Top of Records to process

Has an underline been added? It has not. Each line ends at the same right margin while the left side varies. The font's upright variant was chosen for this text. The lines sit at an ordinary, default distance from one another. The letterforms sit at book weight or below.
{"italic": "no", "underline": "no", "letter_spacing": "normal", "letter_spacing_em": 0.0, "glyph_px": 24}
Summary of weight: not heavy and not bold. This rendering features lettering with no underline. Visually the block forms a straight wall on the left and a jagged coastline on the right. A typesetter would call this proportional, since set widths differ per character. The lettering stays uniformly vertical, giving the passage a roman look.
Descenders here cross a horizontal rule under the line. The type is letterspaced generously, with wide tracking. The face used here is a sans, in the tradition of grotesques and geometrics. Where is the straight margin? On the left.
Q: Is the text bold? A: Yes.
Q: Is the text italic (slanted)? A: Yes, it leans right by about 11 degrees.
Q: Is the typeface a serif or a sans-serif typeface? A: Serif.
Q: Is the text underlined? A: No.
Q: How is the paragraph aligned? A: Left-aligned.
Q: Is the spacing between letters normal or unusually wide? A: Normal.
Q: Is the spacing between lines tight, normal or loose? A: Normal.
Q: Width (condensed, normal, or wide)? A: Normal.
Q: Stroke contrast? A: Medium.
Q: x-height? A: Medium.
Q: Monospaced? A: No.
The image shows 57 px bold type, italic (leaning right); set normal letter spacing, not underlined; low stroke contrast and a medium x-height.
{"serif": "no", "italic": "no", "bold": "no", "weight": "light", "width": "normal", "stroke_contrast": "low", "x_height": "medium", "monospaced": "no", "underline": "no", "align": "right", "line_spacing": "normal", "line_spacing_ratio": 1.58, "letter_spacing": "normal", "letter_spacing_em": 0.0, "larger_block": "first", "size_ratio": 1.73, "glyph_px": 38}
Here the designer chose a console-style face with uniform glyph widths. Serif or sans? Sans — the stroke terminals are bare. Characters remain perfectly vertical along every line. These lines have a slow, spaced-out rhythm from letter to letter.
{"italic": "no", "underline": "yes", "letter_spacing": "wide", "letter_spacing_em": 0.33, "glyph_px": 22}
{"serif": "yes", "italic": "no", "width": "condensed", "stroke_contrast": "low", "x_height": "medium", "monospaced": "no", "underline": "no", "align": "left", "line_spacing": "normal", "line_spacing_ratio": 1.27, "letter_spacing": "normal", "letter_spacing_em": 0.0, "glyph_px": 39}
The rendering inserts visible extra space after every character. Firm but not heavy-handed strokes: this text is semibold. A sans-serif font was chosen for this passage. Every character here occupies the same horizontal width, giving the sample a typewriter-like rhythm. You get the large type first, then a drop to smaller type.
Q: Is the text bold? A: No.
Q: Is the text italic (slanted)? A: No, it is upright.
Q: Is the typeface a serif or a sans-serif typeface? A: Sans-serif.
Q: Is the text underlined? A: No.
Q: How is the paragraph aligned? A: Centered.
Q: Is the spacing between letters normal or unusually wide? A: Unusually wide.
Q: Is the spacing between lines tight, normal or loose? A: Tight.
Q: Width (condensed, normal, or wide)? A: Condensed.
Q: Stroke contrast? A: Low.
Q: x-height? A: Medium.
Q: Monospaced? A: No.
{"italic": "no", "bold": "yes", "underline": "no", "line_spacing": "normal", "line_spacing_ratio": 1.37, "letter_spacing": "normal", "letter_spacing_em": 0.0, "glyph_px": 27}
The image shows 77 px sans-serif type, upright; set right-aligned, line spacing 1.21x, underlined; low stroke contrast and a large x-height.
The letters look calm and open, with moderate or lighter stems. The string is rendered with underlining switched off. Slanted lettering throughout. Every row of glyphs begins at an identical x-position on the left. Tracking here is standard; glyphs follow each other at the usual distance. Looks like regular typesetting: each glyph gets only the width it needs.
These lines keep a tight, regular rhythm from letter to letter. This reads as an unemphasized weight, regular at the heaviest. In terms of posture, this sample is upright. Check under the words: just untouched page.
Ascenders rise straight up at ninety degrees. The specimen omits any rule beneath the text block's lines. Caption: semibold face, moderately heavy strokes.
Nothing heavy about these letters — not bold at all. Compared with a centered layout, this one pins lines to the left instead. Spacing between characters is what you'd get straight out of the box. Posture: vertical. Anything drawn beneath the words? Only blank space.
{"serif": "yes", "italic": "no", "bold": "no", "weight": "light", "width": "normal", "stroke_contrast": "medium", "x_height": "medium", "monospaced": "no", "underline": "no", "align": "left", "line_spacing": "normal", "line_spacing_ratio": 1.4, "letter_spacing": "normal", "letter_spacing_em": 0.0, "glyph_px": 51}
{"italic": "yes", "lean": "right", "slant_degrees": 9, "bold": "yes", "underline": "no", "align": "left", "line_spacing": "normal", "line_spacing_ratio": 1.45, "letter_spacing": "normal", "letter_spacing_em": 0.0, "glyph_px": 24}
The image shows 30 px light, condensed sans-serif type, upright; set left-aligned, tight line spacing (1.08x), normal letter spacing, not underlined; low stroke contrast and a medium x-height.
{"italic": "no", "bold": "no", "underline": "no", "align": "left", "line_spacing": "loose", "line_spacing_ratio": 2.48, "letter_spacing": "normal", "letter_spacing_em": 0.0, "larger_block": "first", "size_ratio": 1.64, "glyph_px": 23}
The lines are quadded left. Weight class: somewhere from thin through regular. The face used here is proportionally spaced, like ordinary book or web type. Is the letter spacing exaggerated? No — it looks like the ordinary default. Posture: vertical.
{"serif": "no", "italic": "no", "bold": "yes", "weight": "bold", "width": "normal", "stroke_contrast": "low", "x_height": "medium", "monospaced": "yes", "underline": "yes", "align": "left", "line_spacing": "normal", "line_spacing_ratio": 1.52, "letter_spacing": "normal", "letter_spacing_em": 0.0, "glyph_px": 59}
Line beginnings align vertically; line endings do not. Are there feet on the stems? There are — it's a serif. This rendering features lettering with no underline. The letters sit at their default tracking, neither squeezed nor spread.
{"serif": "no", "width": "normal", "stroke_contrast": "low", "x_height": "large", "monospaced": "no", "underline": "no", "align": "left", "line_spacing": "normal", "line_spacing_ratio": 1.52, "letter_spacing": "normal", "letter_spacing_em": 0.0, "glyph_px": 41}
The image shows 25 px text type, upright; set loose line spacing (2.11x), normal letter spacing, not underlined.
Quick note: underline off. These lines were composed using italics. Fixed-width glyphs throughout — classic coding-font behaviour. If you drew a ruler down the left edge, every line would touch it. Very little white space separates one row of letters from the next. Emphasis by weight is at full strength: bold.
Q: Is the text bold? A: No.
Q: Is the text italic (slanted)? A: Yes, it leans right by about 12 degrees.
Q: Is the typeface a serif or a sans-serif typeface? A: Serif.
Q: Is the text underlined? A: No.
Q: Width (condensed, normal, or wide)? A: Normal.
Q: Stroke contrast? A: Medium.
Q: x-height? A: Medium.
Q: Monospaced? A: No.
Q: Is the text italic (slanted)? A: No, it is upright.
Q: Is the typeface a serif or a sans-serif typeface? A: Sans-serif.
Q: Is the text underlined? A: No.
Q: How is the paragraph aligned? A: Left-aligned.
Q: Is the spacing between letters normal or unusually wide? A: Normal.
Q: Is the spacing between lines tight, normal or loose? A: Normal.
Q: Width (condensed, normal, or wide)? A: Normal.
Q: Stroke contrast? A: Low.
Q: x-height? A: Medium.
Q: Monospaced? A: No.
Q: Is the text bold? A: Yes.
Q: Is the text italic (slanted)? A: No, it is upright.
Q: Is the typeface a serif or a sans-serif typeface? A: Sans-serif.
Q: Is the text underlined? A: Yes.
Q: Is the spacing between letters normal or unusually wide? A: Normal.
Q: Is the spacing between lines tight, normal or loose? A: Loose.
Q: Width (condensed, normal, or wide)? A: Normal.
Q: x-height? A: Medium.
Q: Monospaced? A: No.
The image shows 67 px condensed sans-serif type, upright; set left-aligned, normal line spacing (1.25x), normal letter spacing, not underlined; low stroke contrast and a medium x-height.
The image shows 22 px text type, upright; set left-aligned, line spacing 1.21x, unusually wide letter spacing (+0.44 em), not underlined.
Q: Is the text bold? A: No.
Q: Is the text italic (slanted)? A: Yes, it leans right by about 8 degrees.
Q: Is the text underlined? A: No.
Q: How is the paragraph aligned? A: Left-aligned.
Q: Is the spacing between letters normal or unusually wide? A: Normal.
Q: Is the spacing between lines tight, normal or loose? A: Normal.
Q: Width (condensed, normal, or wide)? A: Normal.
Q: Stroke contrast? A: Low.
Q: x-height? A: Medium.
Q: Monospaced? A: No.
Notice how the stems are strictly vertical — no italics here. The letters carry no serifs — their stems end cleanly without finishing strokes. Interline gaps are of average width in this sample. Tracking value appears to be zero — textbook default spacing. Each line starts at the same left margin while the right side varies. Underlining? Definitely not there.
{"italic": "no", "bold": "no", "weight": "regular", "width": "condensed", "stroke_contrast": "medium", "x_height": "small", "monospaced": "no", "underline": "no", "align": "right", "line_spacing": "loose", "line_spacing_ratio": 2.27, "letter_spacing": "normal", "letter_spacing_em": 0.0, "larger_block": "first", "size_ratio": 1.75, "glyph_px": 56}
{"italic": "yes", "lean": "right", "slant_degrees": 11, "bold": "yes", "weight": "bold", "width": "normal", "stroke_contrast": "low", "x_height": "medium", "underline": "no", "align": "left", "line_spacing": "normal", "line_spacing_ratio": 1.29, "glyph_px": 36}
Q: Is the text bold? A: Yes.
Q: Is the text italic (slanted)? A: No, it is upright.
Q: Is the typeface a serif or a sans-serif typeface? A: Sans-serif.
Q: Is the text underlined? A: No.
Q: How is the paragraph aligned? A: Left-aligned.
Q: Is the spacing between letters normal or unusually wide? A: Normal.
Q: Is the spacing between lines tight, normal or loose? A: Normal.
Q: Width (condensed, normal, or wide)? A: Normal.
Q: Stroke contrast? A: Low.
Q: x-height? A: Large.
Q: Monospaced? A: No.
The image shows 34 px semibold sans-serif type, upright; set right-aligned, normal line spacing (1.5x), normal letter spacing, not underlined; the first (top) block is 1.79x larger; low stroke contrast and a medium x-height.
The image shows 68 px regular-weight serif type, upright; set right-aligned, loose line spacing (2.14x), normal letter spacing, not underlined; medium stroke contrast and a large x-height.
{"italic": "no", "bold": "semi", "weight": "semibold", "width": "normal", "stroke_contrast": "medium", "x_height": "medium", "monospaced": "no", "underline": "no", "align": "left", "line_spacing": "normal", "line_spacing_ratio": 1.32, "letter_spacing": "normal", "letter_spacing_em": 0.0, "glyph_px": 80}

Bottom of Records to process

Exercise details: If a line in the entries above contains "glyphs", report it.

Output for this exercise:
The letters look calm and open, with moderate or lighter stems. The string is rendered with underlining switched off. Slanted lettering throughout. Every row of glyphs begins at an identical x-position on the left. Tracking here is standard; glyphs follow each other at the usual distance. Looks like regular typesetting: each glyph gets only the width it needs.
Quick note: underline off. These lines were composed using italics. Fixed-width glyphs throughout — classic coding-font behaviour. If you drew a ruler down the left edge, every line would touch it. Very little white space separates one row of letters from the next. Emphasis by weight is at full strength: bold.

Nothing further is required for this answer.